After this last week with the break-up with “Him,” moving back to my house, dealing with what hadn’t gotten done that should have gotten done A LONG time ago when my son moved back home, to having a hormonal temper tantrum last night because I couldn’t get comfortable to sleep, to treating my son and another tenant like shit because of it after waking up this morning to find my stuff thrown on my lawn (stuff that “Him” wouldn’t let me take out of the house), to me losing my wallet and accusing “Him” of stealing it; to me agonizing over whether to apologize to “Him” for the accusation (I found my wallet) I realized something. Yes, the bitch may be out, but something she rarely cared about is something I now hold dear - integrity. If I make a mistake, I own up to the mistake; I don’t make excuses or blame someone else. Not gonna lie, it took me 10 minutes to text “Him” that I found my wallet and I apologized for accusing him of stealing it - it would have been easier to just ignore it all instead of swallowing my pride and owning up to a fact that “Him” knows very well. I would lose my head if it weren’t attached.
SO…the crossroad I’m at right now is this: Do I want to learn to control the bitch and only bring her out when necessary, or let her run rampant leaving destruction in her wake? How do I want to spend my life as a PERSON? Do I want to be the Walmart bitch for whatever time I have left? That route won’t afford me much longer to live, to be honest - way too stressful always watching your back, thinking everyone is going to fuck you over. Or do I want to be the doormat that I’ve been for most everyone for the last six years? That route didn’t do my dad much good with my youngest sister.
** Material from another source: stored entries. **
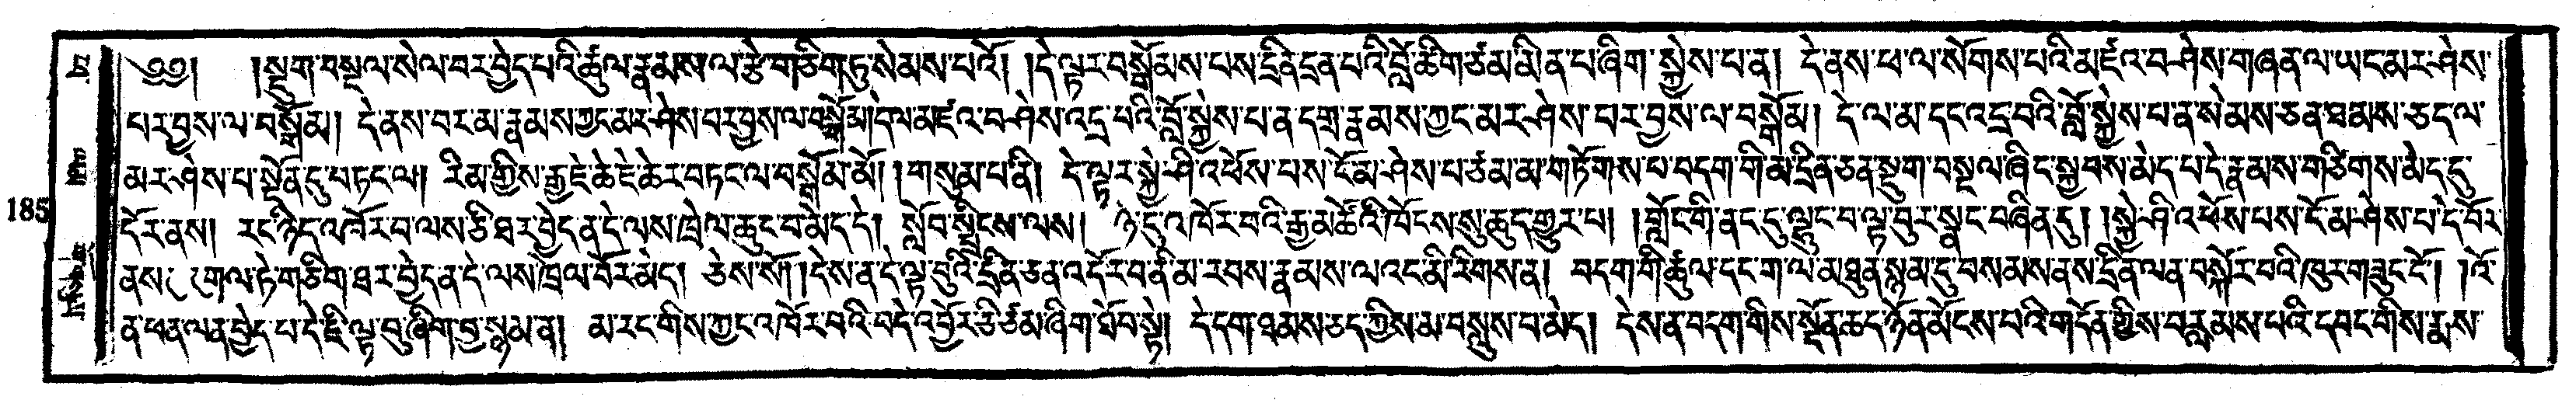༄༅། །སྡུག་བསྔལ་སེལ་བར་བྱེད་པའི་ཚུལ་རྣམས་ལ་རྩེ་གཅིག་ཏུ་སེམས་པའོ། །དེ་ལྟར་བསྒོམས་པས་དྲིན་དྲན་པའི་བློ་ཚིག་ཙམ་མ་མིན་པ་ཞིག་སྐྱེས་པ་ན། དེ་ནས་ཕ་ལ་སོགས་པའི་མཛའ་བཤེས་གཞན་ལ་ཡང་མར་ཤེས་
པར་བྱས་ལ་བསྒོམ། དེ་ནས་བར་མ་རྣམས་ཀྱང་མར་ཤེས་པར་བྱས་ལ་བསྒོམ། དེ་ལ་མཛའ་བཤེས་འདྲ་པའི་བློ་སྐྱེས་པ་ན་དགྲ་རྣམས་ཀྱང་མར་ཤེས་པར་བྱས་པ་ལ་བསྒོམ། དེ་ལ་མ་དང་འདྲ་བའི་བློ་སྐྱེས་པ་ན་སེམས་ཅན་ཐམས་ཅད་ལ་
མར་ཤེས་པ་སྔོན་དུ་བཏང་ལ། རིམ་གྱིས་རྒྱ་ཇེ་ཆེ་ཇེ་ཆེར་བཏང་ལ་བསྒོམ་མོ། །གསུམ་པ་ནི། དེ་ལྟར་སྐྱེ་ཤི་འཕོས་པས་ངོ་མ་ཤེས་པ་ཙམ་མ་གཏོགས་པ་བདག་གི་མ་དྲིན་ཅན་སྡུག་བསྔལ་ཞིང་སྐྱབས་མེད་པ་དེ་རྣམས་གཙིགས་མེད་དུ་
དོར་ནས། རང་ཉིད་འཁོར་བ་ལས་ཅི་ཐར་བྱེད་ན་དེ་ལས་ཁྲེལ་ཆུང་བ་མེད་དེ། སློབ་སྤྲིངས་ལས། ཉེ་དུ་འཁོར་བའི་རྒྱ་མཚོའི་ཁོངས་སུ་ཆུད་གྱུར་པ། །གློང་གི་ནང་དུ་ལྷུང་བ་ལྟ་བུ་ར་སྣང་བཞིན་དུ། །སྐྱེ་ཤི་འཕོས་པས་ངོ་མ་ཤེས་པ་དེ་བོར་
ནས༑ ༑གལ་ཏེ་གཅིག་ཐར་བྱེད་དེ་ལས་ཁྲེལ་བོར་མེད། ཅེས་སོ། །དེས་ན་དེ་ལྟ་བུའི་དྲིན་ཅན་འདོར་བ་ནི་མ་རབས་རྣམས་ལའང་མི་རིགས་ན། བདག་གི་ཚུལ་དང་ག་ལ་མཐུན་སྙམ་དུ་བསམས་ནས་དྲིན་ལས་བསྐོར་བའི་ཁུར་གཟུང་ངོ། །འོ་
ན་ཕན་ལན་བྱེད་པ་དེ་ཇི་ལྟ་བུ་ཞིག་བྱ་སྙམ་ན། མ་རྣག་གིས་ཀྱང་འཁོར་བའི་བདེ་འབྱོར་ཅི་ཙམ་ཞིག་ཐོབ་སྟེ། དེ་དག་ཐམས་ཅད་ཀྱིས་མ་བསླུས་པ་མེད། དེས་ན་བདག་གིས་སྡོད་ཆད་ཉོན་མོངས་པའི་གདོན་གྱིས་བརླམས་པའི་དབང་གིས་རྨས་

Is it possible to combine the two?
The fact that I felt better when I apologized to “Him” for accusing him of something he didn’t do and when I apologized to my son and tenant for taking my anger at a situation out on them (which is something the bitch would NEVER do - she apologizes to no one), I think I’m going to try combining the two.
I hope this is the last personal development crossroad I come to. This shit is getting exhausting.